INSTRUCTIONS FOR THE TASK ::
Please reproduce the lines of the records below from the one holding "typeface? A: Sans-serif." through the one holding "The image shows 60", inclusive, skipping all pictures.

EXERCISE INPUTS ::
━━━
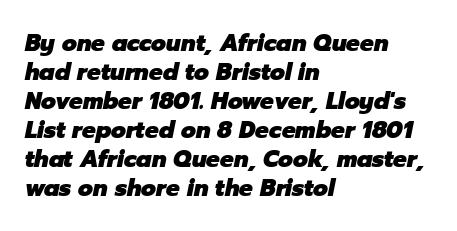
Q: Is the text bold? A: Yes.
Q: Is the text italic (slanted)? A: Yes, it leans right by about 12 degrees.
Q: Is the text underlined? A: No.
Q: How is the paragraph aligned? A: Left-aligned.
Q: Is the spacing between letters normal or unusually wide? A: Normal.
Q: Is the spacing between lines tight, normal or loose? A: Normal.
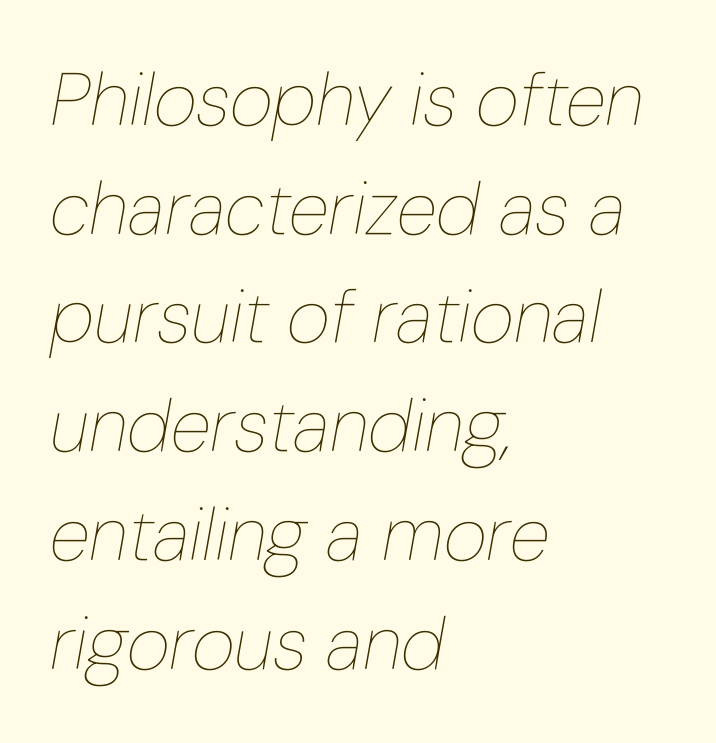
The image shows 75 px thin, condensed type, italic (leaning right); set left-aligned, normal line spacing (1.45x), normal letter spacing, not underlined; low stroke contrast and a medium x-height.
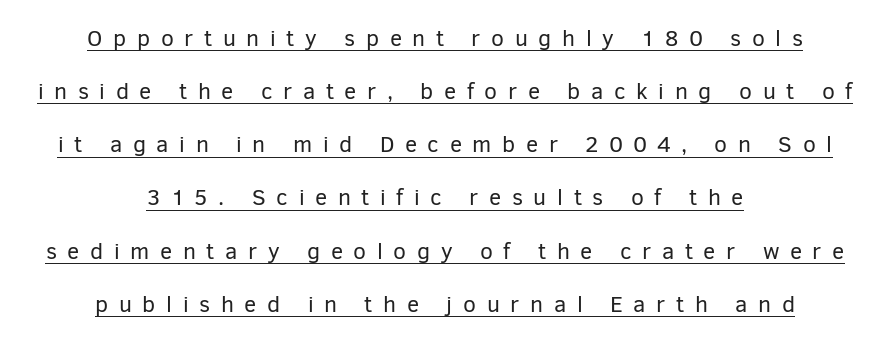
Summary of vertical rhythm: relaxed, with wide interline spacing. Each line is balanced around a shared central axis. The face used here is rendered with a markedly widened letterfit. These lines were composed using upright roman letters. The font sits on the lighter half of the weight spectrum, regular included. The rendered words wear a rule along their underside.
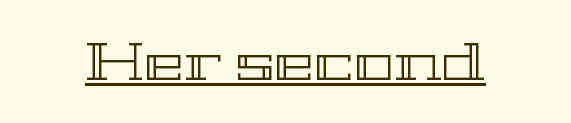
Caption: lettering with a line underneath. Is this a fixed-width face? No — the glyphs have proportional, varying widths. In terms of posture, this sample is upright. Characters follow at the spacing the type designer built in.
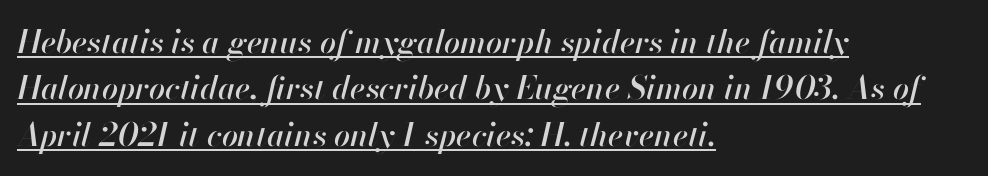
The image shows 32 px text type, italic (leaning right); set left-aligned, normal line spacing (1.45x), normal letter spacing, underlined; high stroke contrast and a small x-height.
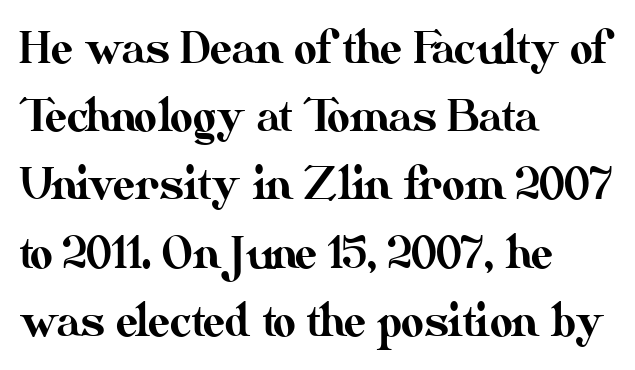
Q: Is the text italic (slanted)? A: No, it is upright.
Q: Is the text underlined? A: No.
Q: How is the paragraph aligned? A: Left-aligned.
Q: Is the spacing between letters normal or unusually wide? A: Normal.
Q: Is the spacing between lines tight, normal or loose? A: Normal.
Q: Width (condensed, normal, or wide)? A: Normal.
Q: Stroke contrast? A: Medium.
Q: x-height? A: Small.
Q: Monospaced? A: No.
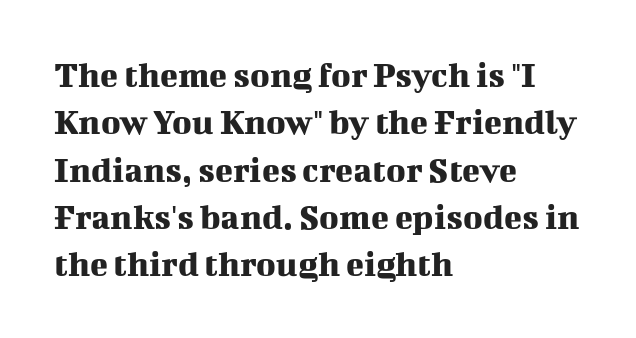
Q: Is the text italic (slanted)? A: No, it is upright.
Q: Is the typeface a serif or a sans-serif typeface? A: Serif.
Q: Is the text underlined? A: No.
Q: How is the paragraph aligned? A: Left-aligned.
Q: Is the spacing between letters normal or unusually wide? A: Normal.
Q: Is the spacing between lines tight, normal or loose? A: Normal.
Q: Width (condensed, normal, or wide)? A: Normal.
Q: Stroke contrast? A: Medium.
Q: x-height? A: Medium.
Q: Monospaced? A: No.
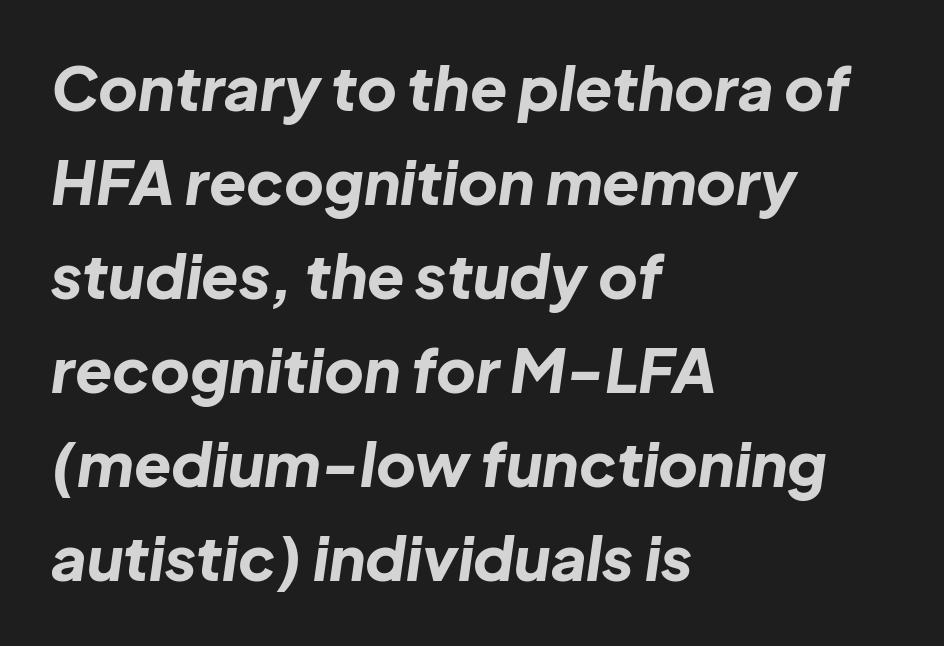
How heavy is the stroke? Heavy — this is a bold. Leftover space on each line is placed entirely after the last word. Letters rest on an invisible, unmarked baseline. Is there much room between lines? A standard amount, neither cramped nor airy. The whole block is typeset with a tilt. Do the characters align in a grid? No, the font is proportional.
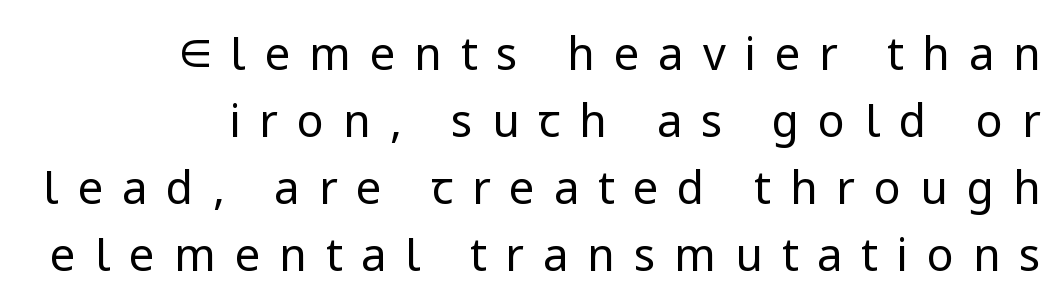
{"serif": "no", "italic": "no", "bold": "no", "weight": "regular", "width": "normal", "stroke_contrast": "low", "x_height": "medium", "monospaced": "no", "underline": "no", "align": "right", "line_spacing": "normal", "line_spacing_ratio": 1.49, "letter_spacing": "wide", "letter_spacing_em": 0.42, "glyph_px": 45}
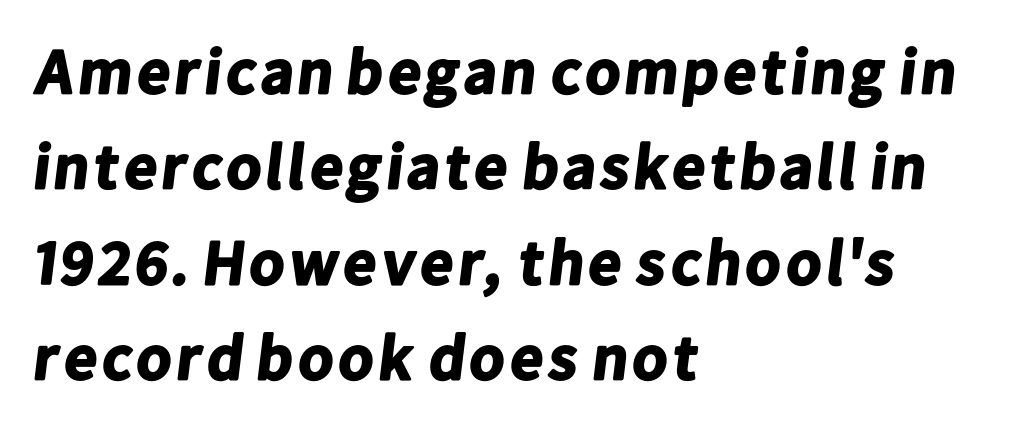
Q: Is the text bold? A: Yes.
Q: Is the typeface a serif or a sans-serif typeface? A: Sans-serif.
Q: Is the text underlined? A: No.
Q: How is the paragraph aligned? A: Left-aligned.
Q: Is the spacing between letters normal or unusually wide? A: Normal.
Q: Is the spacing between lines tight, normal or loose? A: Normal.
Q: Width (condensed, normal, or wide)? A: Normal.
Q: Stroke contrast? A: Low.
Q: x-height? A: Medium.
Q: Monospaced? A: No.
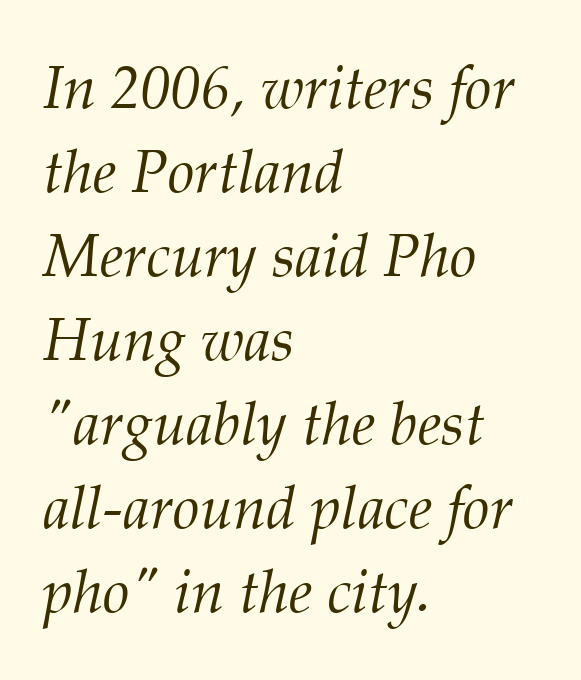
The image shows 60 px light serif type, italic (leaning right); set left-aligned, normal line spacing (1.4x), normal letter spacing, not underlined; medium stroke contrast and a medium x-height.
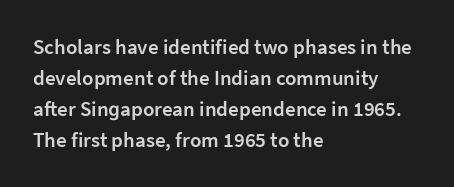
The image shows 21 px text type, upright; set left-aligned, normal line spacing (1.48x), normal letter spacing, not underlined.
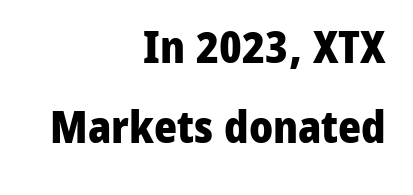
Emphasis by weight is at full strength: bold. Are there feet on the stems? There aren't — it's a sans. The passage shown is typed in a proportional face where columns would drift. A typesetter would mark this as roman, not italic. Clear beneath every line of the passage.
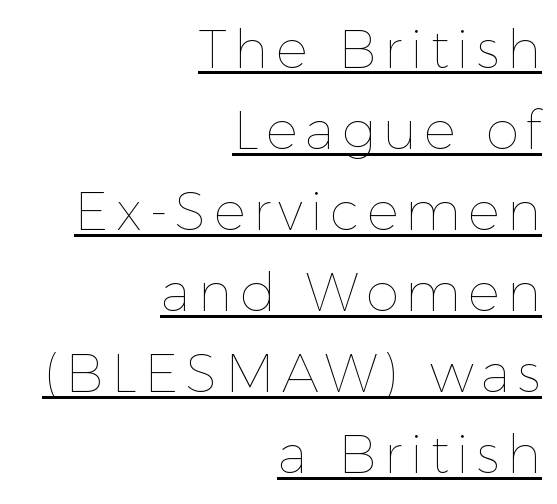
Q: Is the text bold? A: No.
Q: Is the text italic (slanted)? A: No, it is upright.
Q: Is the text underlined? A: Yes.
Q: How is the paragraph aligned? A: Right-aligned.
Q: Is the spacing between lines tight, normal or loose? A: Normal.
Q: Width (condensed, normal, or wide)? A: Normal.
Q: x-height? A: Medium.
Q: Monospaced? A: No.
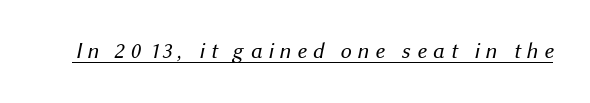
Q: Is the text bold? A: No.
Q: Is the text underlined? A: Yes.
Q: Is the spacing between letters normal or unusually wide? A: Unusually wide.
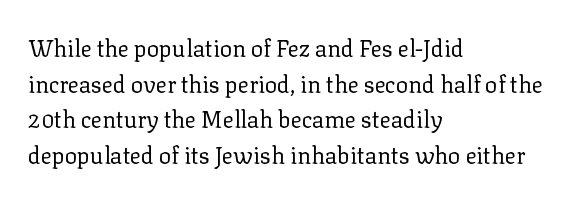
Q: Is the text bold? A: No.
Q: Is the text italic (slanted)? A: No, it is upright.
Q: Is the text underlined? A: No.
Q: How is the paragraph aligned? A: Left-aligned.
Q: Is the spacing between letters normal or unusually wide? A: Normal.
Q: Is the spacing between lines tight, normal or loose? A: Normal.
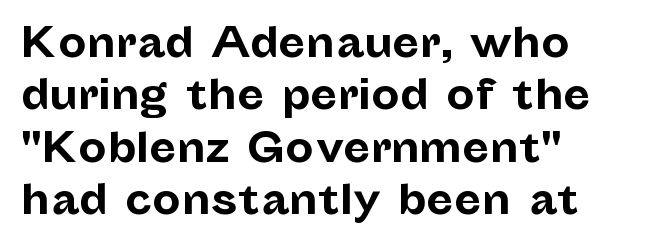
{"serif": "no", "italic": "no", "bold": "yes", "weight": "bold", "width": "normal", "stroke_contrast": "low", "x_height": "medium", "monospaced": "no", "underline": "no", "align": "left", "line_spacing": "normal", "line_spacing_ratio": 1.31, "letter_spacing": "normal", "letter_spacing_em": 0.0, "glyph_px": 40}
━━━
RESULT FOR THIS TASK ::
Q: Is the typeface a serif or a sans-serif typeface? A: Sans-serif.
Q: Is the text underlined? A: No.
Q: How is the paragraph aligned? A: Left-aligned.
Q: Is the spacing between letters normal or unusually wide? A: Normal.
Q: Is the spacing between lines tight, normal or loose? A: Normal.
Q: Width (condensed, normal, or wide)? A: Normal.
Q: Stroke contrast? A: Low.
Q: x-height? A: Medium.
Q: Monospaced? A: No.
The image shows 60 px light serif type, italic (leaning right); set left-aligned, normal line spacing (1.4x), normal letter spacing, not underlined; medium stroke contrast and a medium x-height.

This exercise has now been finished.